Implementing a binary serial protocol

Hello

I'm working on a serial protocol to send some data back and forth between an ESP8266 and an Arduino or Teensy.
Some context: I'm building a control surface, so the ESP handles the WiFi connection, hosts a webpage, creates UDP connections etc.
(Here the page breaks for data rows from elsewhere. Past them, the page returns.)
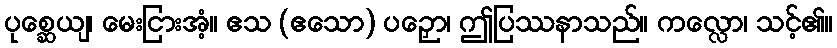
ပုစ္ဆေယျ၊ မေးငြားအံ့။ ဧသ (ဧသော) ပဉှော၊ ဤပြဿနာသည်။ ကလ္လော၊ သင့်၏။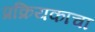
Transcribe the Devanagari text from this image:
प्रक्रियकाचा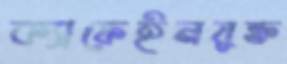
ক্যাফেইনযুক্ত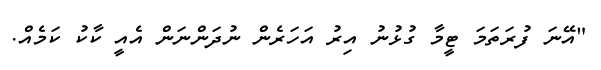
"އޭނަ ފުރަތަމަ ޓީމާ ގުޅުނު އިރު އަހަރެން ނުދަންނަން އެއީ ކާކު ކަމެއް.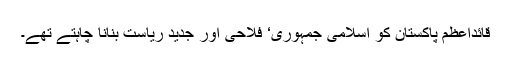
قائداعظم پاکستان کو اسلامی جمہوری‘ فلاحی اور جدید ریاست بنانا چاہتے تھے۔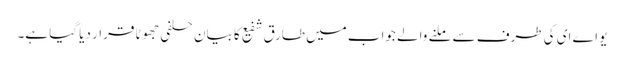
یو اے ای کی طرف سے ملنے والے جواب میں طارق شفیع کا بیان حلفی جھوٹا قرار دیا گیا ہے۔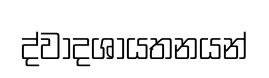
ද්වාදශායතනයන්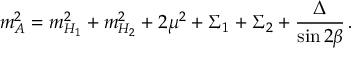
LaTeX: m _ { A } ^ { 2 } = m _ { H _ { 1 } } ^ { 2 } + m _ { H _ { 2 } } ^ { 2 } + 2 \mu ^ { 2 } + \Sigma _ { 1 } + \Sigma _ { 2 } + \frac { \Delta } { \sin 2 \beta } \, .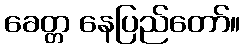
ခေတ္တ နေပြည်တော်။
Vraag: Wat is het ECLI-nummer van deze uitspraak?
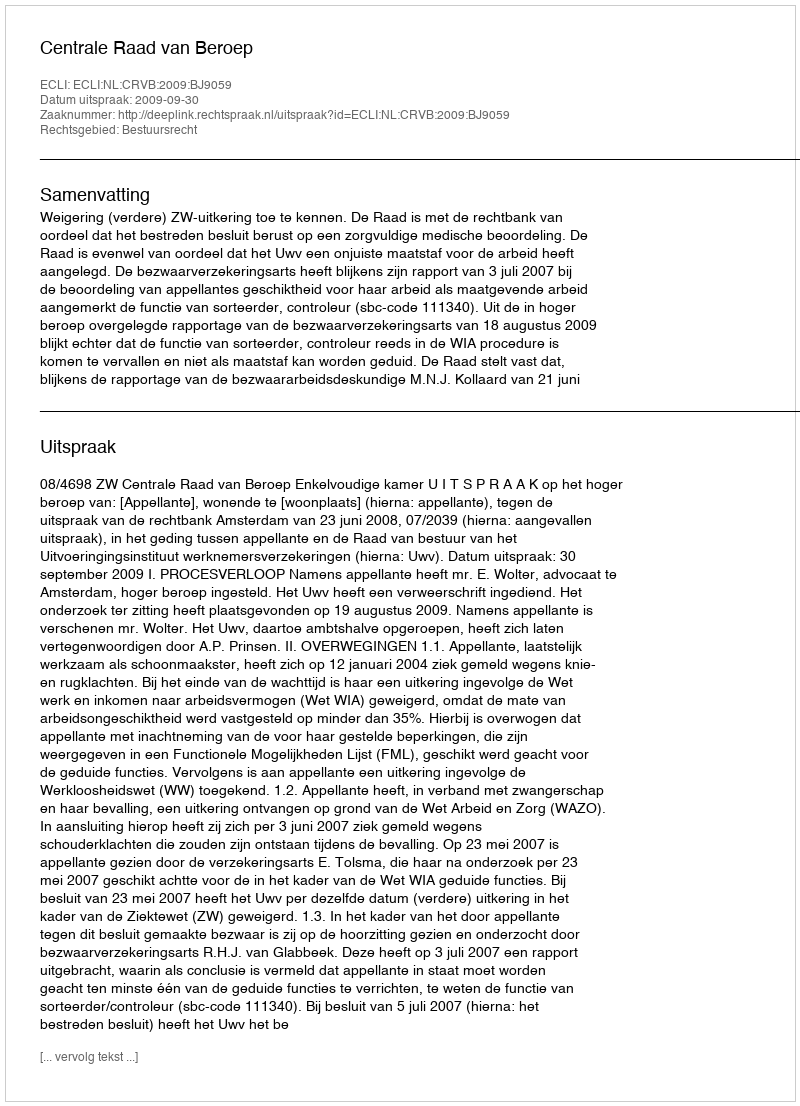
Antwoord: ECLI:NL:CRVB:2009:BJ9059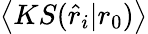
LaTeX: \left\langle KS(\hat{r}_{i}|r_{0})\right\rangle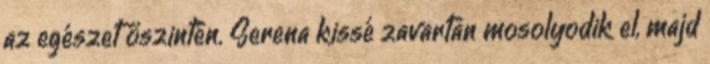
az egészet őszintén. Serena kissé zavartan mosolyodik el, majd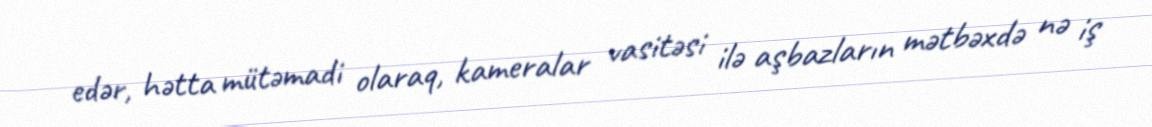
edər, hətta mütəmadi olaraq, kameralar vasitəsi ilə aşbazların mətbəxdə nə iş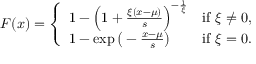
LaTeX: F ( x ) = { \left\{ \begin{array} { l l } { 1 - { \Big ( } 1 + { \frac { \xi ( x - \mu ) } { s } } { \Big ) } ^ { - { \frac { 1 } { \xi } } } } & { { \mathrm { i f ~ } } \xi \neq 0 , } \\ { 1 - \exp { \bigl ( } - { \frac { x - \mu } { s } } { \bigr ) } } & { { \mathrm { i f ~ } } \xi = 0 . } \end{array} \right. }

The Arduino takes care of I/O: it controls motorized faders, keeps track of rotary encoder positions, reads analog values from potentiometers ... (more info here)

First the ESP sends setup information to the Arduino, e.g. "read analog values on pins A1-A8".
If those values change, the Arduino will send back the new value to the ESP.
The ESP can also send new fader positions to the Arduino, and the Arduino should then adjust the position of the motorized faders accordingly.

The messages look like this:
1lll cccc 0ddd dddd ... 0ddd dddd 0ppp pppp
Where lll = length, cccc = command, ddddddd = data and ppppppp = parity (simple XOR)

If the error checking fails in the setup phase, it will resend the message, if it fails for a normal change of value packet, it should be ignored.

I'd like some help to actually implement this protocol. I've made a prototype, but there's a lot of room for improvement, so I am open to any constructive criticism.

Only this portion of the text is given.